Managing Spark Metastore DatabasesΒΆ

Let us undestand how to manage Spark Metastore Databases.

  • Make a habit of reviewing Language Manual.

  • We can create database using CREATE DATABASE Command.

  • For e. g.: CREATE DATABASE itversity_demo;

  • If the database exists it will fail. If you want to ignore with out throwing error you can use IF NOT EXISTS

  • e. g.: CREATE DATABASE IF NOT EXISTS itversity_demo;

  • We can list the databases using SHOW databases;

  • Spark Metastore is multi tenant database.

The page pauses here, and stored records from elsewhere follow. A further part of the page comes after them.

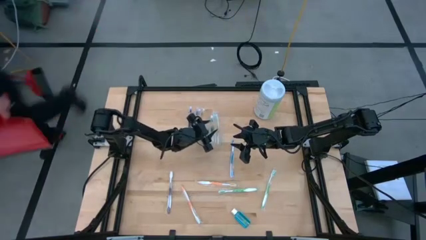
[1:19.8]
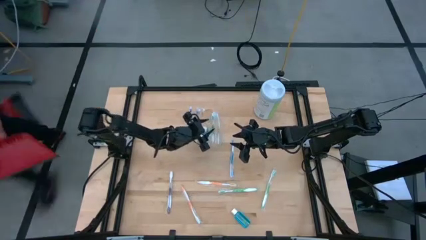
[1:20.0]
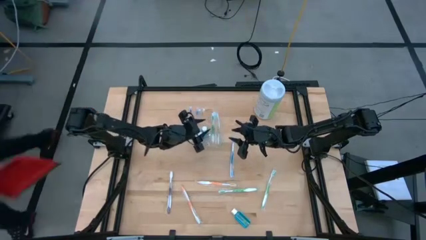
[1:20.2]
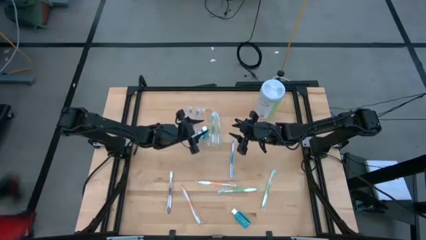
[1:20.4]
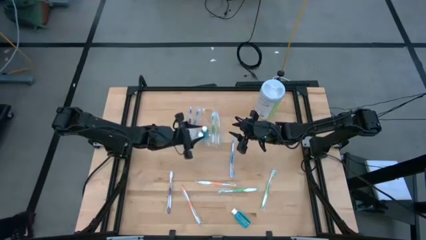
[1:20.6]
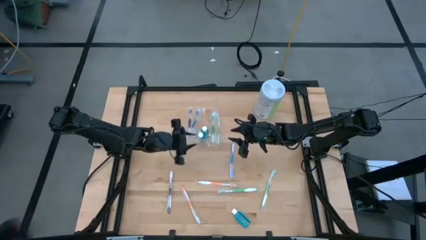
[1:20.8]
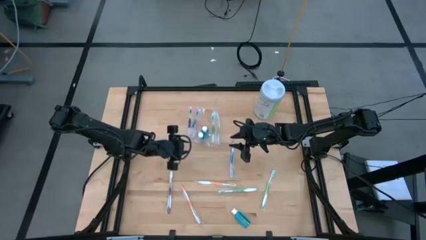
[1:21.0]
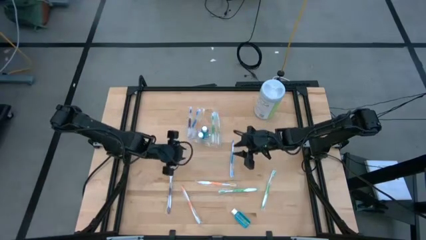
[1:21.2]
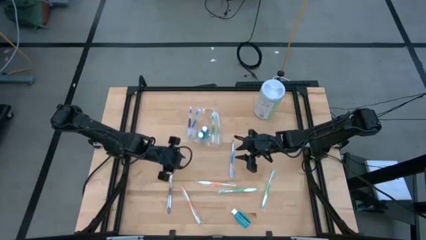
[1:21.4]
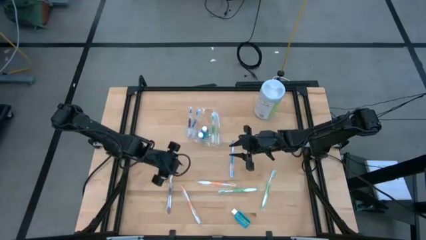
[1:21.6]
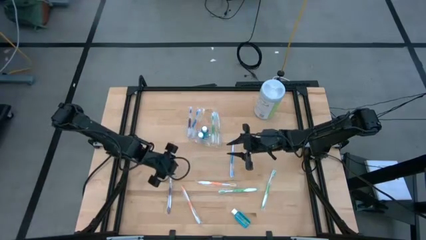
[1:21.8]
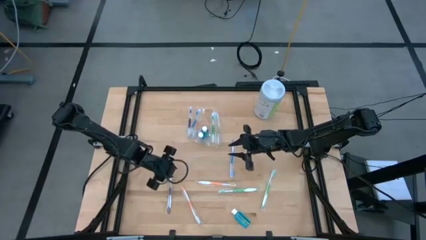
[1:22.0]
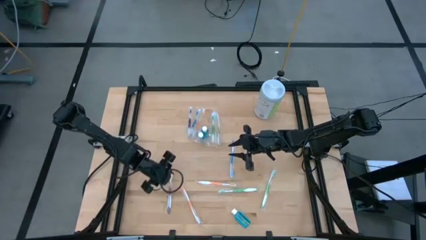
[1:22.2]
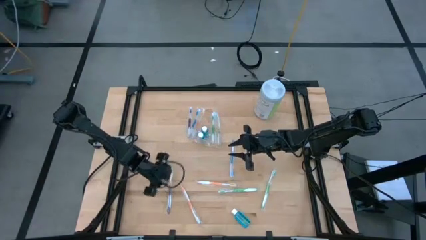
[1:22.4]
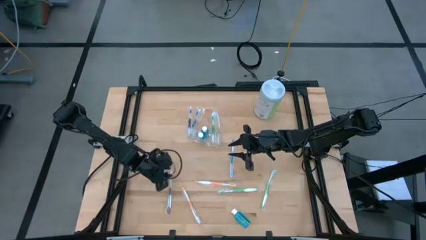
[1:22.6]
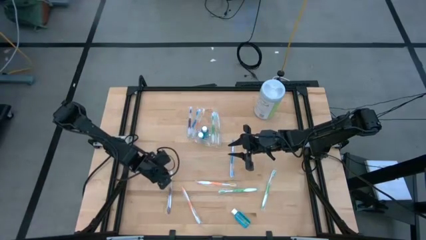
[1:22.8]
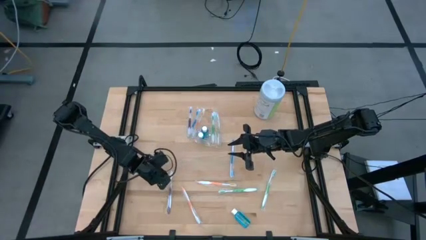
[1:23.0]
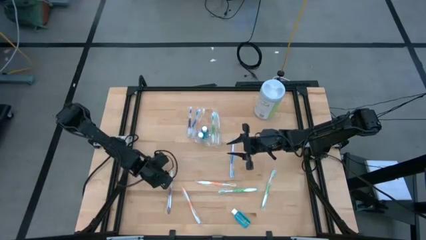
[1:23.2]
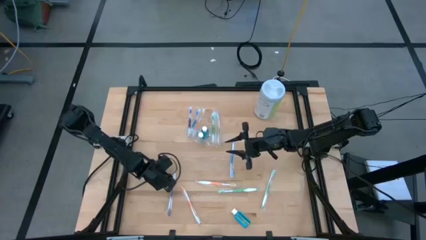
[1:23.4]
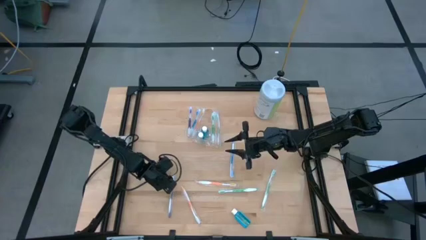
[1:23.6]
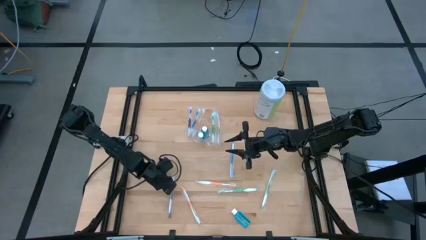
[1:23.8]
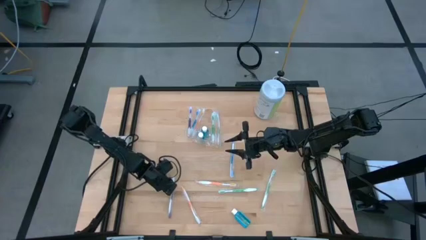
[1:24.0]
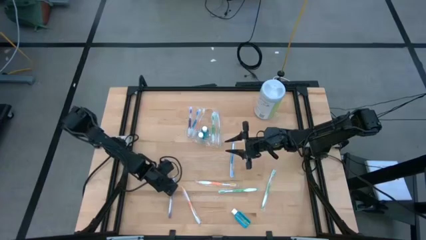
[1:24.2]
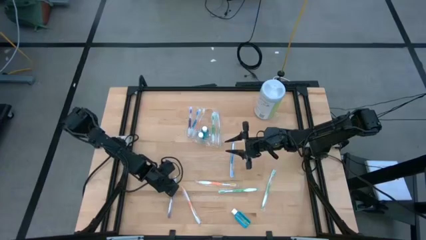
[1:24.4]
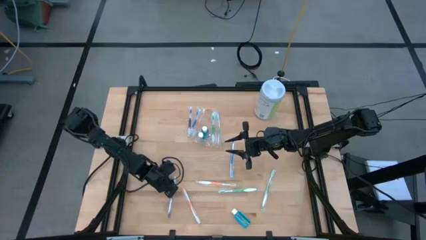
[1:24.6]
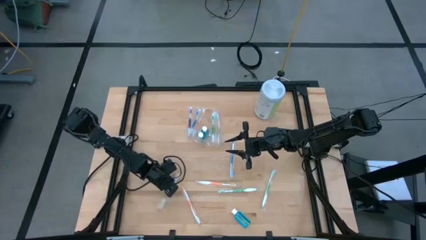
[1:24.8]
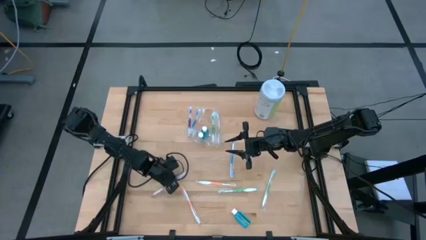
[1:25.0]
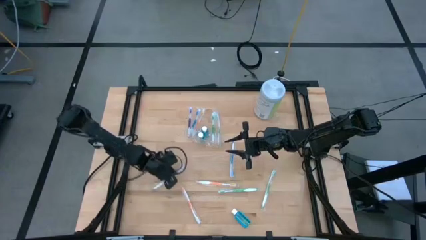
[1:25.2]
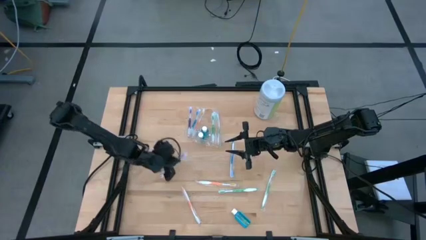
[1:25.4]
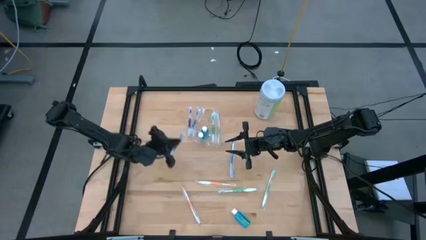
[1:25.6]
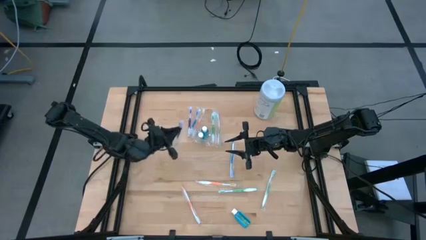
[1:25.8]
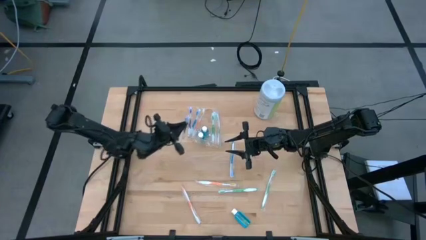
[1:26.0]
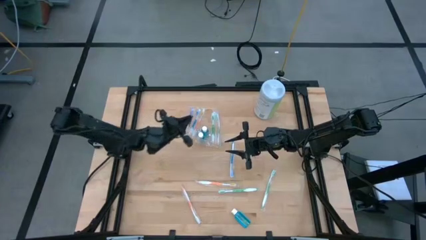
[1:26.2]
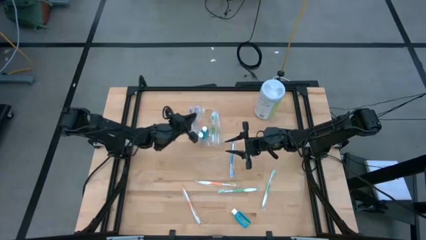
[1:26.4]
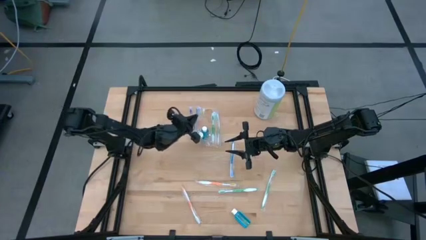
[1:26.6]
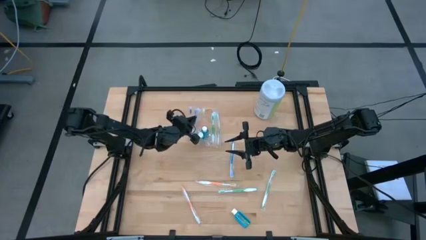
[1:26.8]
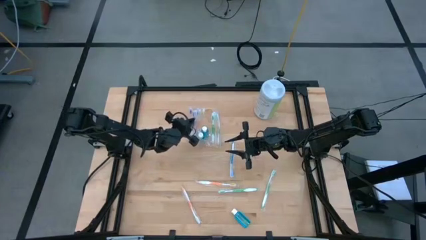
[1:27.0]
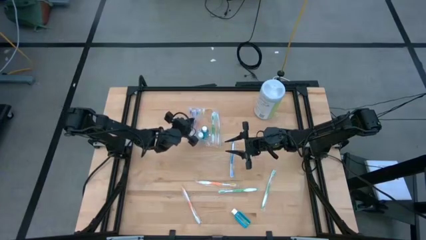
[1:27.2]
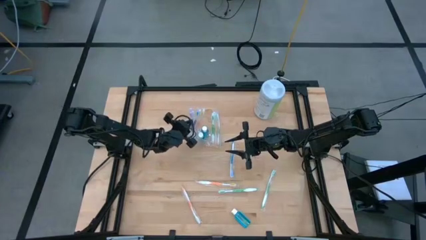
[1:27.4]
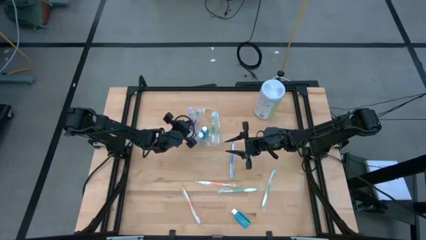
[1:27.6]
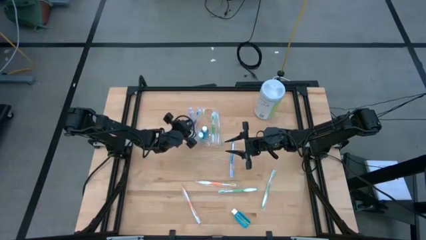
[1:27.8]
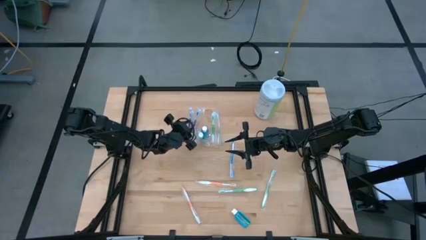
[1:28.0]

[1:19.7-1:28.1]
Task: Pick & Place toothbrushing station
Put the violet toothbrush into the transparent organizer

To switch to a database, you can use USE Command. e. g.: USE itversity_demo;

  • We can drop empty database by using DROP DATABASE itversity_demo;.

  • Add cascade to drop all the tables and then the database DROP DATABASE itversity_demo CASCADE;.

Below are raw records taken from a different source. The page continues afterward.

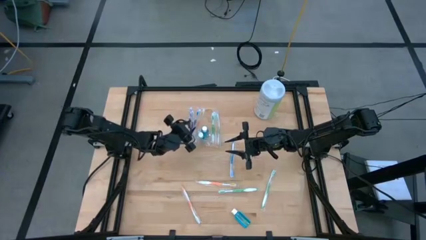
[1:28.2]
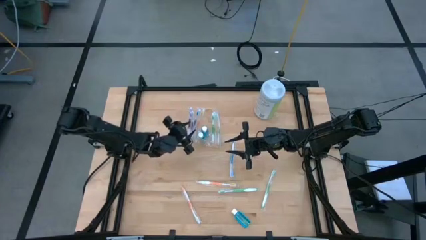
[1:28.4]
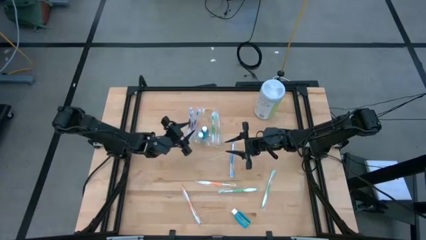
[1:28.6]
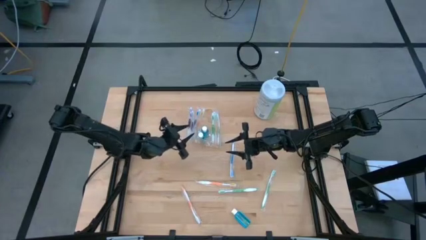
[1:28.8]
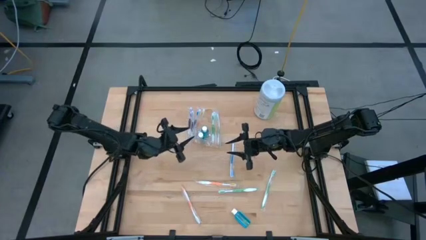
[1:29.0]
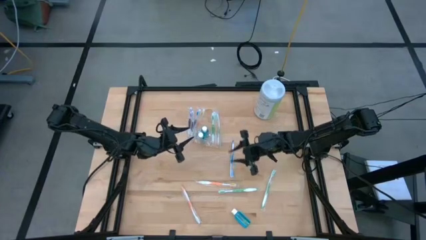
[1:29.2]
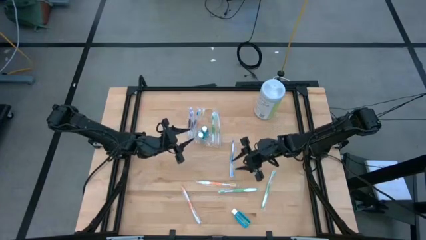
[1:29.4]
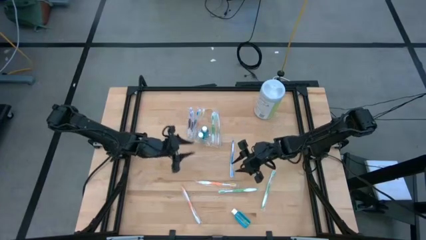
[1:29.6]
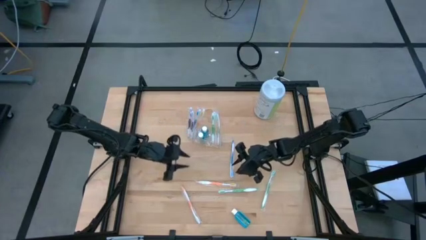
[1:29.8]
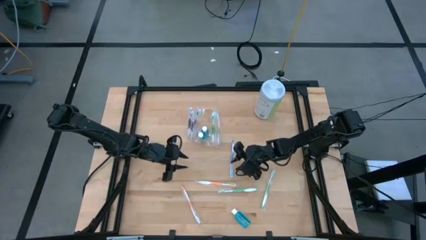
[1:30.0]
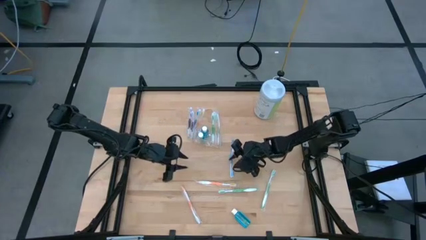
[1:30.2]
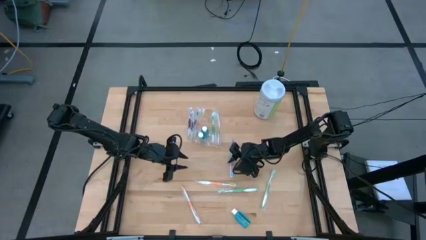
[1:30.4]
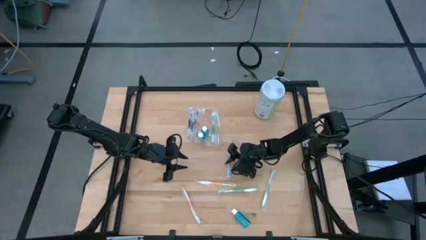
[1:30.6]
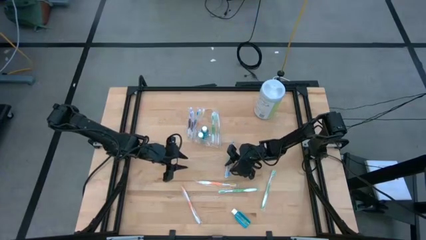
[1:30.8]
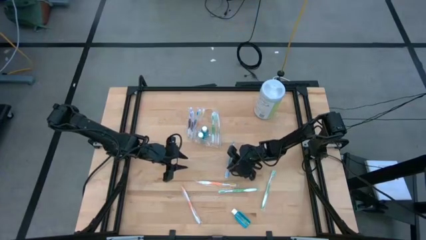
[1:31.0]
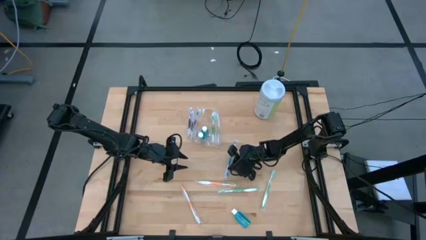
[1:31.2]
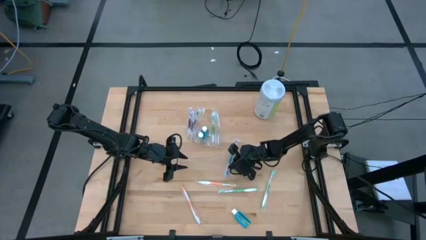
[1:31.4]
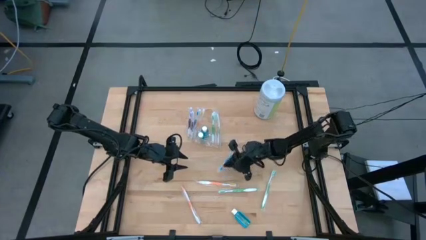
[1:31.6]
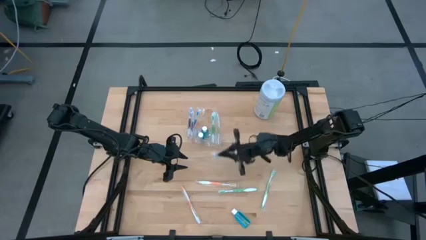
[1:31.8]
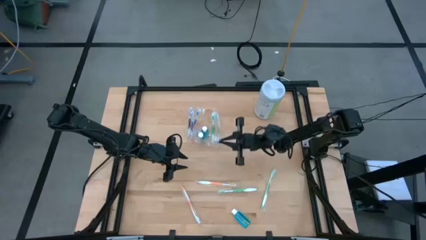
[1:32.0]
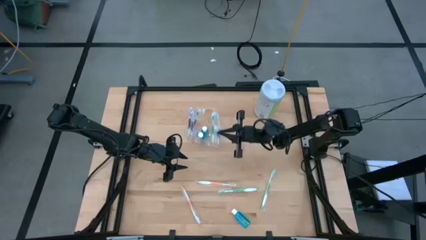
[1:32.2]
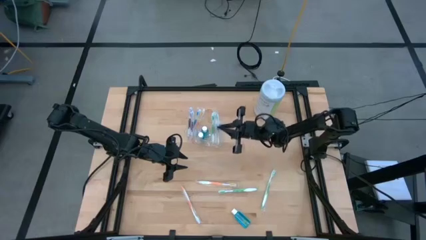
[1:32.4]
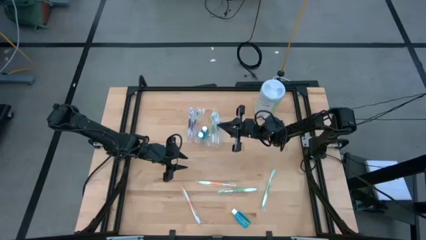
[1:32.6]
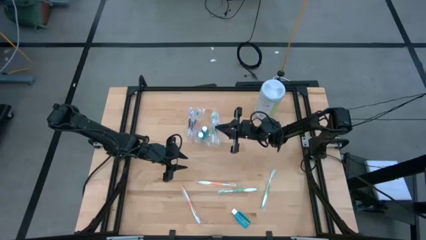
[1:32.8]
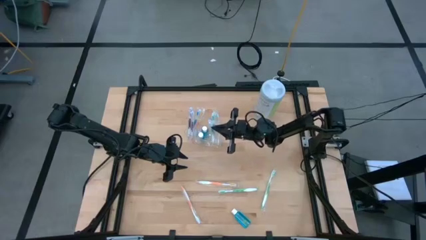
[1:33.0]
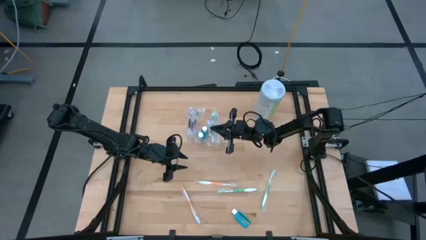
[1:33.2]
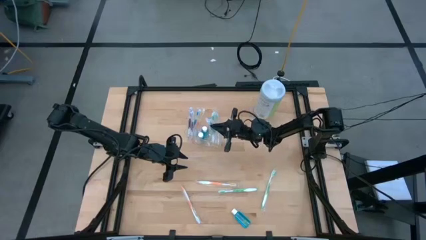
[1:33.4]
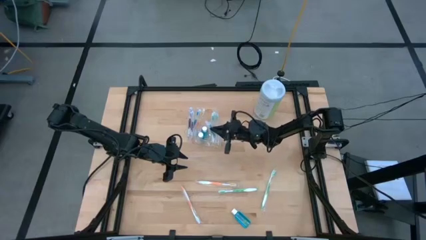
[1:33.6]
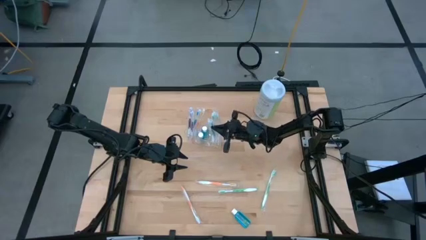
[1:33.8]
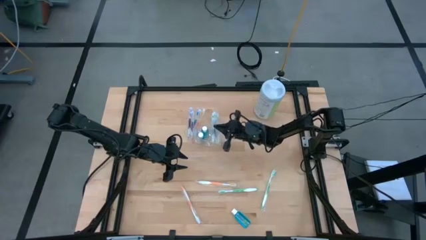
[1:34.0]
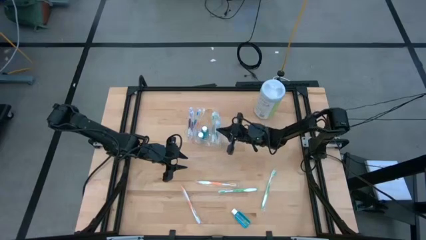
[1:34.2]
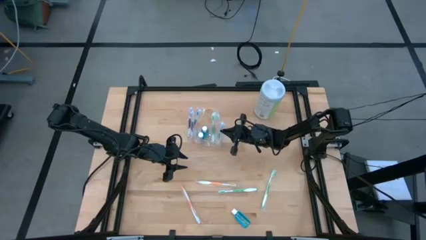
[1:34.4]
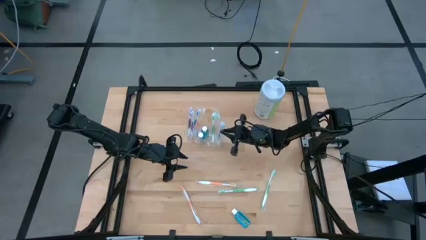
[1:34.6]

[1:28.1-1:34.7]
Put the blue toothbrush into the transparent organizer

  • We can also specify location while creating the database - CREATE DATABASE itversity_demo LOCATION '/user/itversity/custom/itversity_demo.db'

import org.apache.spark.sql.SparkSession

val username = System.getProperty("user.name")
val spark = SparkSession.
    builder.
    config("spark.ui.port", "0").
    config("spark.sql.warehouse.dir", s"/user/${username}/warehouse").
    enableHiveSupport.
    master("yarn").
    appName(s"${username} | Spark SQL - Getting Started").
    getOrCreate
%%sql

DROP DATABASE IF EXISTS itversity_demo
%%sql

CREATE DATABASE itversity_demo
%%sql

CREATE DATABASE itversity_demo
%%sql

CREATE DATABASE IF NOT EXISTS itversity_demo
%%sql

SHOW databases
%%sql

SELECT current_database()
%%sql

USE itversity_demo
%%sql

SELECT current_database()
val username = System.getProperty("user.name")
import sys.process._
s"hdfs dfs -ls /user/${username}/warehouse/${username}_demo.db"!
%%sql

CREATE TABLE table_demo (i INT)
import sys.process._
s"hdfs dfs -ls /user/${username}/warehouse/${username}_demo.db"!
%%sql

DROP DATABASE itversity_demo CASCADE
import sys.process._
s"hdfs dfs -ls /user/${username}/warehouse/${username}_demo.db"!
%%sql

CREATE DATABASE itversity_demo LOCATION '/user/itversity/custom/itversity_demo.db'
import sys.process._
s"hdfs dfs -ls /user/${username}/custom"! // Directory will be created if it does not exists
import sys.process._
s"hdfs dfs -ls /user/${username}/custom/${username}_demo.db"!